TASK OBJECTIVE: A verbatim copy of all the data is required; the pictures should not appear in it.

(Extracted records)

BEGIN

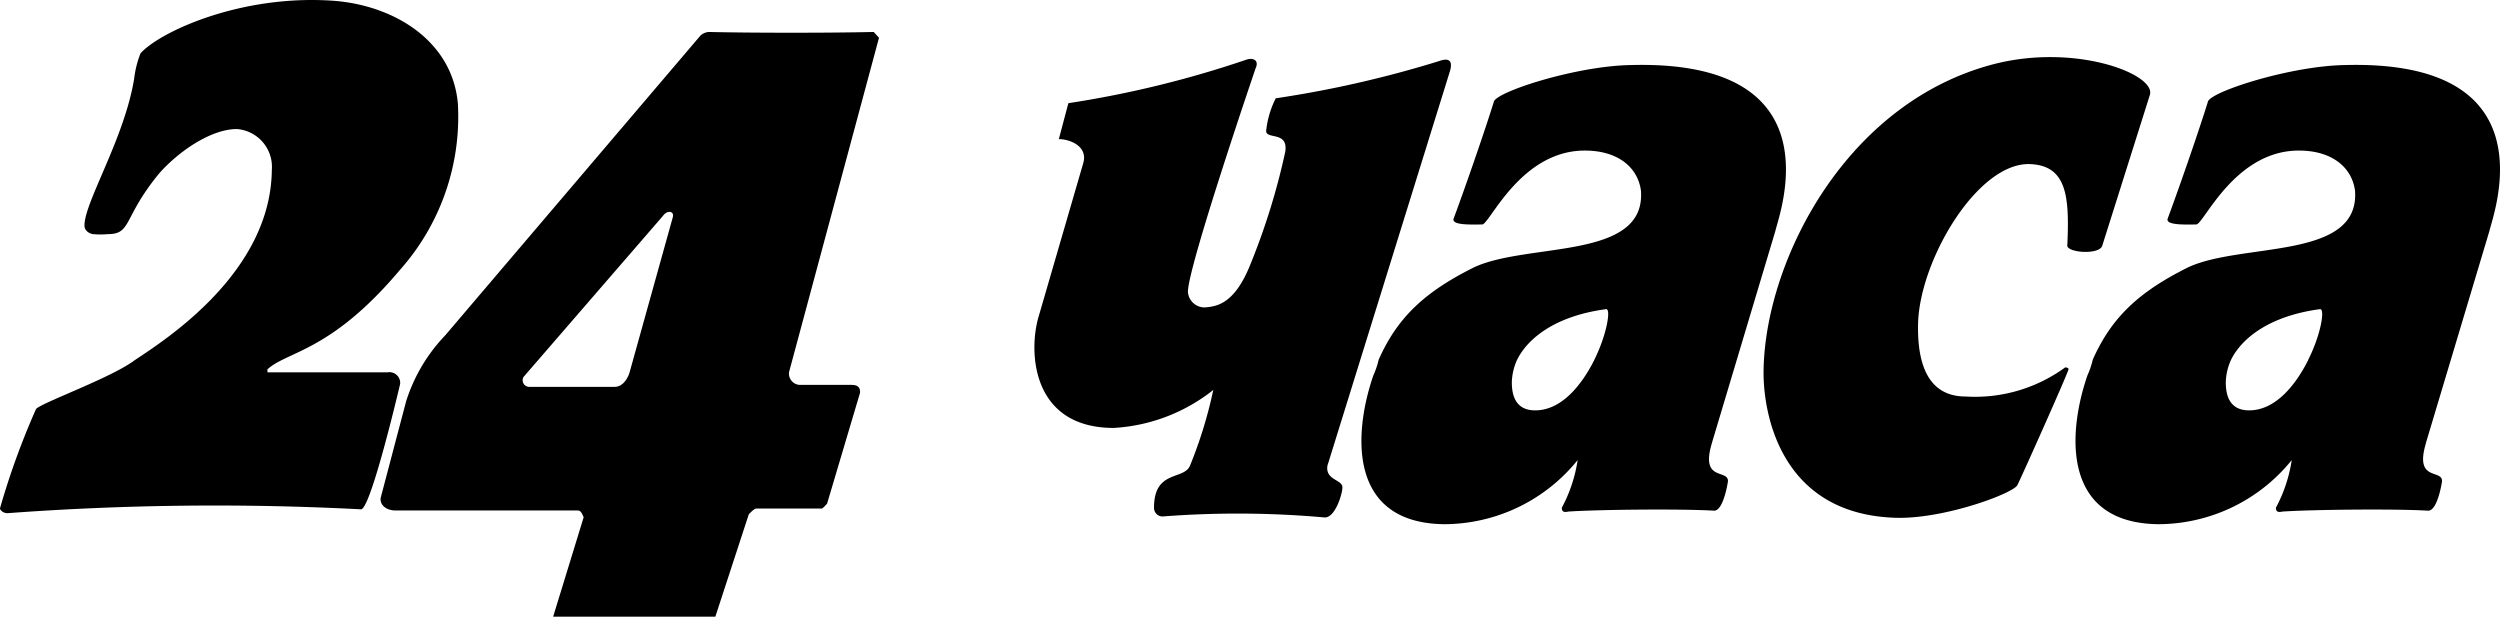 <svg viewBox="0 0 150 37" height="37" width="150" xmlns="http://www.w3.org/2000/svg">
  <g transform="translate(-0.94 -0.497)" data-sanitized-data-name="24-logo" data-name="24-logo" id="_24-logo">
    <path fill-rule="evenodd" transform="translate(-31.144 -1.009)" d="M155.993,23.551a9.165,9.165,0,0,1-5.964,1.746c-2.411,0-2.92-2.217-2.859-4.435.131-3.793,3.554-9.565,6.668-9.511,2.287.062,2.41,1.986,2.287,4.844-.131.464,1.9.641,2.094.054L161.077,7.2c.379-1.228-4.381-3.09-9.271-1.87C142.852,7.6,138.031,17.115,137.9,23.651c-.062,2.449.888,8.754,8,8.924,2.92.062,7.108-1.514,7.239-1.986.317-.641,2.92-6.474,3.044-6.884.062-.093-.062-.155-.193-.155" data-sanitized-data-name="Path 1" data-name="Path 1" id="Path_1"></path>
    <path fill-rule="evenodd" transform="translate(-24.044 -1.146)" d="M127.693,28.238,131.5,15.521c.255-1.1,3.747-10.33-8.7-9.974-3.3.062-8.128,1.63-8.19,2.217-.634,2.04-1.908,5.663-2.411,7-.124.409,1.082.348,1.715.348.448,0,2.287-4.435,6.158-4.435,1.97,0,3.175.989,3.369,2.4.317,4.2-6.791,3.09-10.028,4.612-2.92,1.46-4.574,2.975-5.71,5.54a4.942,4.942,0,0,1-.317.935c-1.205,3.5-1.522,8.869,4.257,8.931a10.318,10.318,0,0,0,8-3.848,8.812,8.812,0,0,1-.95,2.859c0,.232.124.294.379.232,1.653-.116,6.668-.178,8.761-.054.572,0,.827-1.754.827-1.754.046-.765-1.669.046-.966-2.287m-7.046-5.014c-.757,1.514-1.97,3.036-3.554,3.036-1.267,0-1.4-1.051-1.4-1.692a3.447,3.447,0,0,1,.317-1.344c.634-1.283,2.287-2.627,5.331-3.036C121.659,20.134,121.4,21.71,120.647,23.224Z" data-sanitized-data-name="Path 2" data-name="Path 2" id="Path_2"></path>
    <path fill-rule="evenodd" transform="translate(-18.268 -1.04)" d="M98.871,29.423l7.3-23.51c.348-1.028-.363-.8-.618-.711a65.571,65.571,0,0,1-9.8,2.233,5.609,5.609,0,0,0-.572,1.924c-.062.587,1.337,0,1.143,1.283a40.681,40.681,0,0,1-2.094,6.76c-.943,2.364-2,2.526-2.735,2.58a1,1,0,0,1-1.012-.935c0-1.514,4.064-13.42,4.064-13.42.193-.409-.062-.641-.51-.525A62.321,62.321,0,0,1,83.31,7.728l-.572,2.156c.634,0,1.777.409,1.46,1.46l-2.665,9.163c-.634,2.1-.448,6.706,4.5,6.706a10.577,10.577,0,0,0,5.972-2.279,26.644,26.644,0,0,1-1.4,4.551c-.379.873-2.156.232-2.156,2.511a.512.512,0,0,0,.572.525,58.593,58.593,0,0,1,9.65.062c.634.054,1.082-1.4,1.082-1.808,0-.479-1.082-.425-.888-1.352" data-sanitized-data-name="Path 3" data-name="Path 3" id="Path_3"></path>
    <g transform="translate(0.94 0.497)" data-sanitized-data-name="Group 69" data-name="Group 69" id="Group_69">
      <path fill-rule="evenodd" transform="translate(-0.94 -0.497)" d="M24.226,22.835H16.987v-.178c1.205-1.1,3.809-1.051,7.935-5.949a13.837,13.837,0,0,0,3.492-9.974C28.1,3,24.666.839,20.989.546,15.4.136,10.512,2.415,9.369,3.7A6.112,6.112,0,0,0,8.99,5.212c-.572,3.562-2.982,7.409-2.982,8.808,0,.409.448.525.51.525a4.863,4.863,0,0,0,.888,0c1.46,0,.888-.989,3.114-3.678,1.205-1.344,3.114-2.627,4.636-2.627A2.277,2.277,0,0,1,17.25,10.69C17.188,16.871,10.837,20.9,9,22.124c-1.4,1.051-5.648,2.565-5.9,2.92A45.545,45.545,0,0,0,.94,30.994c0,.116.193.294.448.294A168.99,168.99,0,0,1,22.6,31.056c.572,0,2.225-7,2.349-7.525a.646.646,0,0,0-.719-.7" data-sanitized-data-name="Path 4" data-name="Path 4" id="Path_4"></path>
    </g>
    <path fill-rule="evenodd" transform="translate(-6.72 -0.565)" d="M60.4,3.328l-.317-.348c-2.6.062-7.239.062-9.9,0a.829.829,0,0,0-.51.232l-15.3,17.971a10.115,10.115,0,0,0-2.349,3.971L30.5,30.933c-.062.409.317.757.888.757H42.3c.193,0,.255.116.379.409l-2.094,6.822H50.3l2.287-7s.317-.348.448-.348h3.933c.062,0,.317-.294.317-.294l1.978-6.652c0-.178,0-.471-.51-.471H55.638A.684.684,0,0,1,55,23.4L60.4,3.328M48.021,14.121l-2.6,9.333c-.062.178-.317.819-.888.819H39.383a.4.4,0,0,1-.317-.587L47.449,14C47.7,13.657,48.144,13.711,48.021,14.121Z" data-sanitized-data-name="Path 5" data-name="Path 5" id="Path_5"></path>
    <path fill-rule="evenodd" transform="translate(-36.653 -1.146)" d="M183.143,28.238l3.809-12.717c.255-1.1,3.747-10.33-8.7-9.974-3.3.062-8.128,1.63-8.19,2.217-.634,2.04-1.908,5.663-2.41,7-.124.409,1.082.348,1.715.348.448,0,2.287-4.435,6.158-4.435,1.97,0,3.175.989,3.369,2.4.317,4.2-6.791,3.09-10.028,4.612-2.92,1.46-4.574,2.975-5.709,5.54a4.94,4.94,0,0,1-.317.935c-1.205,3.5-1.522,8.869,4.257,8.931a10.318,10.318,0,0,0,8-3.848,8.813,8.813,0,0,1-.95,2.859c0,.232.124.294.379.232,1.653-.116,6.668-.178,8.761-.054.572,0,.827-1.754.827-1.754.046-.765-1.669.046-.966-2.287m-7.054-5.014c-.757,1.514-1.97,3.036-3.554,3.036-1.267,0-1.4-1.051-1.4-1.692a3.446,3.446,0,0,1,.317-1.344c.634-1.283,2.287-2.627,5.331-3.036C177.109,20.134,176.854,21.71,176.089,23.224Z" data-sanitized-data-name="Path 6" data-name="Path 6" id="Path_6"></path>
  </g>
</svg>

END

ANSWER BELOW:
 <svg viewBox="0 0 150 37" height="37" width="150" xmlns="http://www.w3.org/2000/svg">
  <g transform="translate(-0.94 -0.497)" data-sanitized-data-name="24-logo" data-name="24-logo" id="_24-logo">
    <path fill-rule="evenodd" transform="translate(-31.144 -1.009)" d="M155.993,23.551a9.165,9.165,0,0,1-5.964,1.746c-2.411,0-2.92-2.217-2.859-4.435.131-3.793,3.554-9.565,6.668-9.511,2.287.062,2.41,1.986,2.287,4.844-.131.464,1.9.641,2.094.054L161.077,7.2c.379-1.228-4.381-3.09-9.271-1.87C142.852,7.6,138.031,17.115,137.9,23.651c-.062,2.449.888,8.754,8,8.924,2.92.062,7.108-1.514,7.239-1.986.317-.641,2.92-6.474,3.044-6.884.062-.093-.062-.155-.193-.155" data-sanitized-data-name="Path 1" data-name="Path 1" id="Path_1"></path>
    <path fill-rule="evenodd" transform="translate(-24.044 -1.146)" d="M127.693,28.238,131.5,15.521c.255-1.1,3.747-10.33-8.7-9.974-3.3.062-8.128,1.63-8.19,2.217-.634,2.04-1.908,5.663-2.411,7-.124.409,1.082.348,1.715.348.448,0,2.287-4.435,6.158-4.435,1.97,0,3.175.989,3.369,2.4.317,4.2-6.791,3.09-10.028,4.612-2.92,1.46-4.574,2.975-5.71,5.54a4.942,4.942,0,0,1-.317.935c-1.205,3.5-1.522,8.869,4.257,8.931a10.318,10.318,0,0,0,8-3.848,8.812,8.812,0,0,1-.95,2.859c0,.232.124.294.379.232,1.653-.116,6.668-.178,8.761-.054.572,0,.827-1.754.827-1.754.046-.765-1.669.046-.966-2.287m-7.046-5.014c-.757,1.514-1.97,3.036-3.554,3.036-1.267,0-1.4-1.051-1.4-1.692a3.447,3.447,0,0,1,.317-1.344c.634-1.283,2.287-2.627,5.331-3.036C121.659,20.134,121.4,21.71,120.647,23.224Z" data-sanitized-data-name="Path 2" data-name="Path 2" id="Path_2"></path>
    <path fill-rule="evenodd" transform="translate(-18.268 -1.04)" d="M98.871,29.423l7.3-23.51c.348-1.028-.363-.8-.618-.711a65.571,65.571,0,0,1-9.8,2.233,5.609,5.609,0,0,0-.572,1.924c-.062.587,1.337,0,1.143,1.283a40.681,40.681,0,0,1-2.094,6.76c-.943,2.364-2,2.526-2.735,2.58a1,1,0,0,1-1.012-.935c0-1.514,4.064-13.42,4.064-13.42.193-.409-.062-.641-.51-.525A62.321,62.321,0,0,1,83.31,7.728l-.572,2.156c.634,0,1.777.409,1.46,1.46l-2.665,9.163c-.634,2.1-.448,6.706,4.5,6.706a10.577,10.577,0,0,0,5.972-2.279,26.644,26.644,0,0,1-1.4,4.551c-.379.873-2.156.232-2.156,2.511a.512.512,0,0,0,.572.525,58.593,58.593,0,0,1,9.65.062c.634.054,1.082-1.4,1.082-1.808,0-.479-1.082-.425-.888-1.352" data-sanitized-data-name="Path 3" data-name="Path 3" id="Path_3"></path>
    <g transform="translate(0.94 0.497)" data-sanitized-data-name="Group 69" data-name="Group 69" id="Group_69">
      <path fill-rule="evenodd" transform="translate(-0.94 -0.497)" d="M24.226,22.835H16.987v-.178c1.205-1.1,3.809-1.051,7.935-5.949a13.837,13.837,0,0,0,3.492-9.974C28.1,3,24.666.839,20.989.546,15.4.136,10.512,2.415,9.369,3.7A6.112,6.112,0,0,0,8.99,5.212c-.572,3.562-2.982,7.409-2.982,8.808,0,.409.448.525.51.525a4.863,4.863,0,0,0,.888,0c1.46,0,.888-.989,3.114-3.678,1.205-1.344,3.114-2.627,4.636-2.627A2.277,2.277,0,0,1,17.25,10.69C17.188,16.871,10.837,20.9,9,22.124c-1.4,1.051-5.648,2.565-5.9,2.92A45.545,45.545,0,0,0,.94,30.994c0,.116.193.294.448.294A168.99,168.99,0,0,1,22.6,31.056c.572,0,2.225-7,2.349-7.525a.646.646,0,0,0-.719-.7" data-sanitized-data-name="Path 4" data-name="Path 4" id="Path_4"></path>
    </g>
    <path fill-rule="evenodd" transform="translate(-6.72 -0.565)" d="M60.4,3.328l-.317-.348c-2.6.062-7.239.062-9.9,0a.829.829,0,0,0-.51.232l-15.3,17.971a10.115,10.115,0,0,0-2.349,3.971L30.5,30.933c-.062.409.317.757.888.757H42.3c.193,0,.255.116.379.409l-2.094,6.822H50.3l2.287-7s.317-.348.448-.348h3.933c.062,0,.317-.294.317-.294l1.978-6.652c0-.178,0-.471-.51-.471H55.638A.684.684,0,0,1,55,23.4L60.4,3.328M48.021,14.121l-2.6,9.333c-.062.178-.317.819-.888.819H39.383a.4.4,0,0,1-.317-.587L47.449,14C47.7,13.657,48.144,13.711,48.021,14.121Z" data-sanitized-data-name="Path 5" data-name="Path 5" id="Path_5"></path>
    <path fill-rule="evenodd" transform="translate(-36.653 -1.146)" d="M183.143,28.238l3.809-12.717c.255-1.1,3.747-10.33-8.7-9.974-3.3.062-8.128,1.63-8.19,2.217-.634,2.04-1.908,5.663-2.41,7-.124.409,1.082.348,1.715.348.448,0,2.287-4.435,6.158-4.435,1.97,0,3.175.989,3.369,2.4.317,4.2-6.791,3.09-10.028,4.612-2.92,1.46-4.574,2.975-5.709,5.54a4.94,4.94,0,0,1-.317.935c-1.205,3.5-1.522,8.869,4.257,8.931a10.318,10.318,0,0,0,8-3.848,8.813,8.813,0,0,1-.95,2.859c0,.232.124.294.379.232,1.653-.116,6.668-.178,8.761-.054.572,0,.827-1.754.827-1.754.046-.765-1.669.046-.966-2.287m-7.054-5.014c-.757,1.514-1.97,3.036-3.554,3.036-1.267,0-1.4-1.051-1.4-1.692a3.446,3.446,0,0,1,.317-1.344c.634-1.283,2.287-2.627,5.331-3.036C177.109,20.134,176.854,21.71,176.089,23.224Z" data-sanitized-data-name="Path 6" data-name="Path 6" id="Path_6"></path>
  </g>
</svg>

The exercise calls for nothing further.